A RNN is a neural network which contains recurrent layers. A recurrent layer is a layer that can sequentially process a sequence of inputs. RNNs can take all sorts of sequences as inputs such as time series data or sentences. 
In the left picture you can see a simple RNN architecture with two recurrent layers and one dense layer, which serves as the output layer. You feed the network with a batch of sequences such as the windows from a time series and it outputs a batch of forecasts. The input shape is 3-dimensional: the first dimension represents the batch size, the second dimension represents the time steps and the third dimenion represents the dimensionality of the inputs at each time step (e.g. for univariate time series it would be 1).

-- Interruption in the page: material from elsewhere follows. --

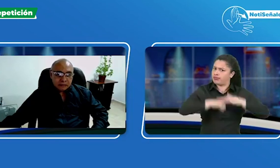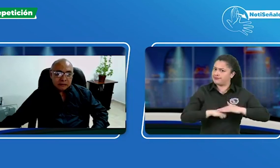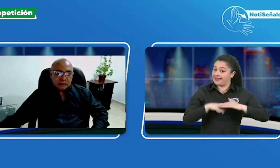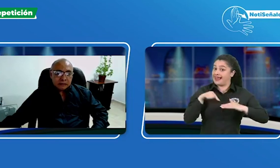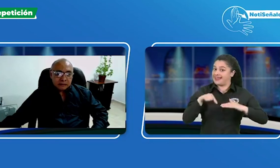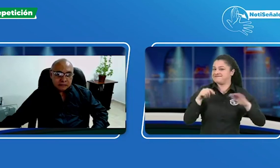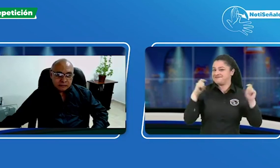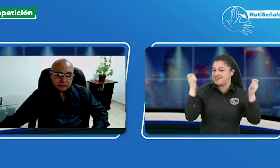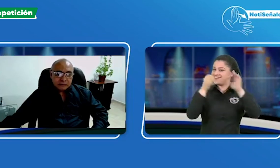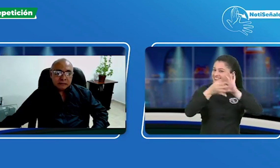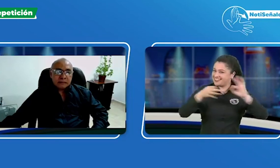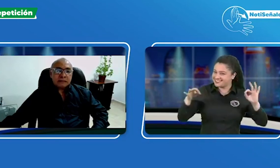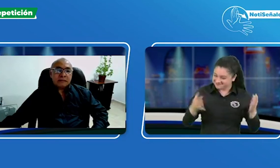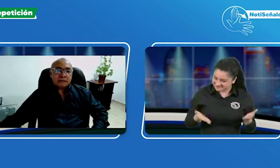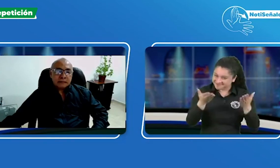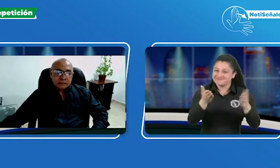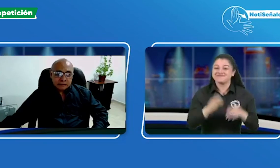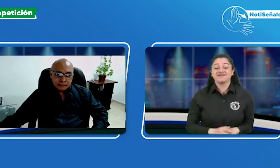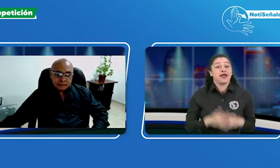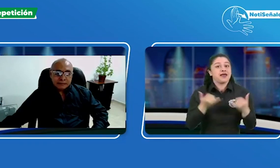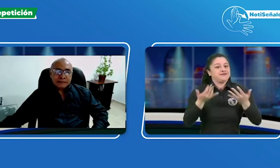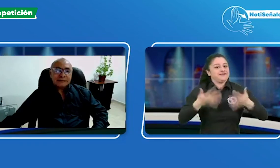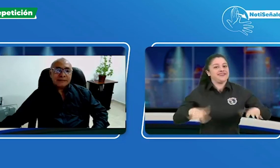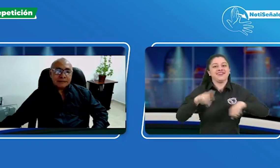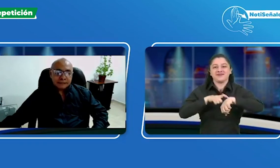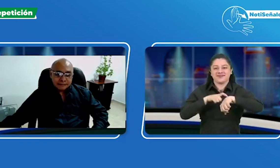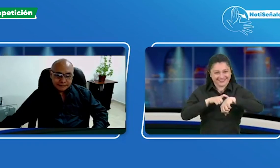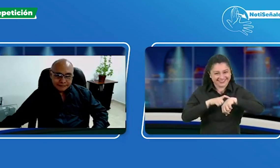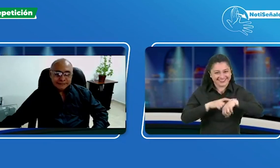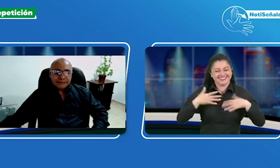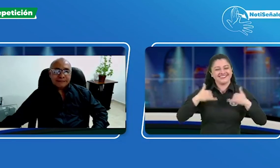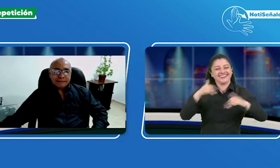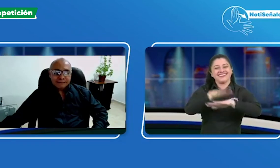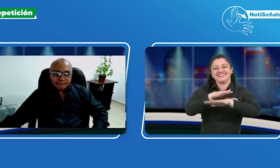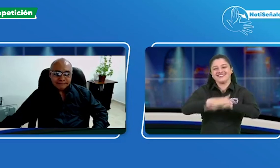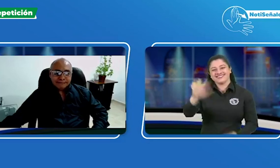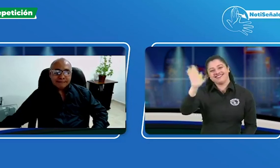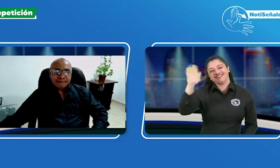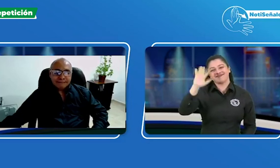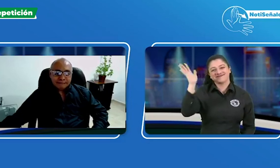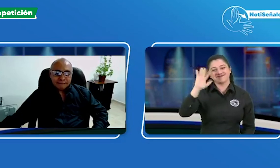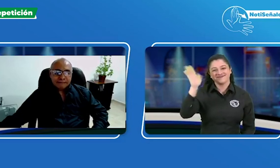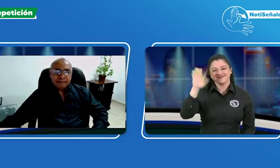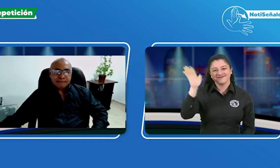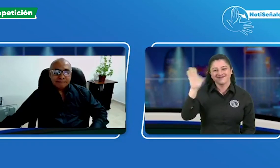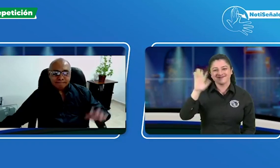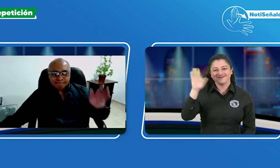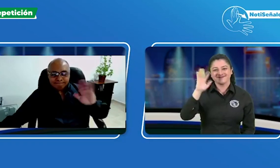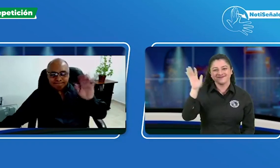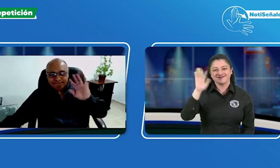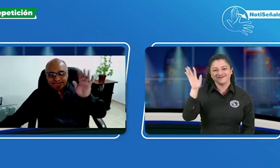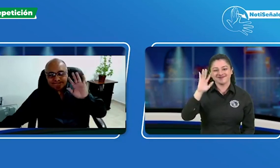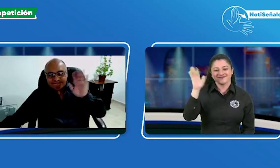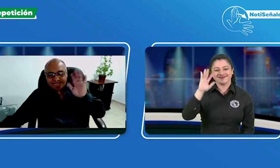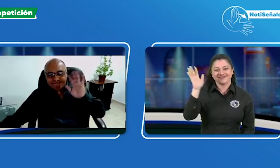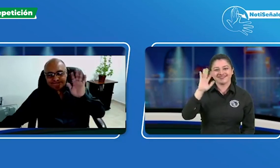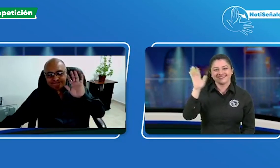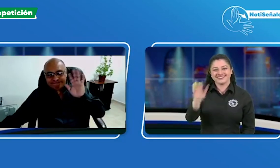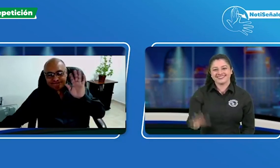sin accesibilidad no hay derechos. Ese es el lema de esta campaña. Entonces, terminamos por el día de hoy. Feliz tarde. Hasta luego. Hasta

A recurrent layer is composed of a single memory cell which is used repeatedly to compute the outputs. A memory cell is basically a small neural network. It can be a simple dense vanilla RNN cell or a complex memory cell such as LSTM or GRU (more information https://towardsdatascience.com/animated-rnn-lstm-and-gru-ef124d06cf45)

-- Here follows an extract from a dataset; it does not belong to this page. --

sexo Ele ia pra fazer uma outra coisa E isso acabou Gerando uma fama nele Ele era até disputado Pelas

It's important to understand that a recurrent layer only contains a single cell. In the right image you can see multiple cells but it's actually the same cell that is reused multiple times by the layer. At each time step the memory cell takes the value of the input sequcence at that time step, starting with X0, X1... and then it produces the output for the current time step, starting with Y0, Y1...
The memory cell itself also produces another output at each time step called a state vector, or sometimes a context vector, starting with H0, H1...
As you can see this state vector is fed as an additional input to the memory cell at the next time step. This is actually why this is called a recurrent layer. Part of the output of the memory cell at one time step is fed back to itself at the next time step. The beauty of this architecture is that it can handle sequences of any length using a constant number of parameters.


### CNN
Convolutional Neural Networks are very successful in image processing tasks such as image classification. Recently they get more and more used in handling sequences.
In image processing we use 2D-Convolutional-Layers whereas in handling sequences we use 1D-Convolutional-layers. They work exactly the same except the windows slides only over one dimension, typically the time axis instead of two dimensions such as height and width of an image.
In the image below you can see a typical 1D-Convolutional-Layer with a filter (kernel) of size three. You can see how it is computed and activated by a ReLU function in the depicted equation.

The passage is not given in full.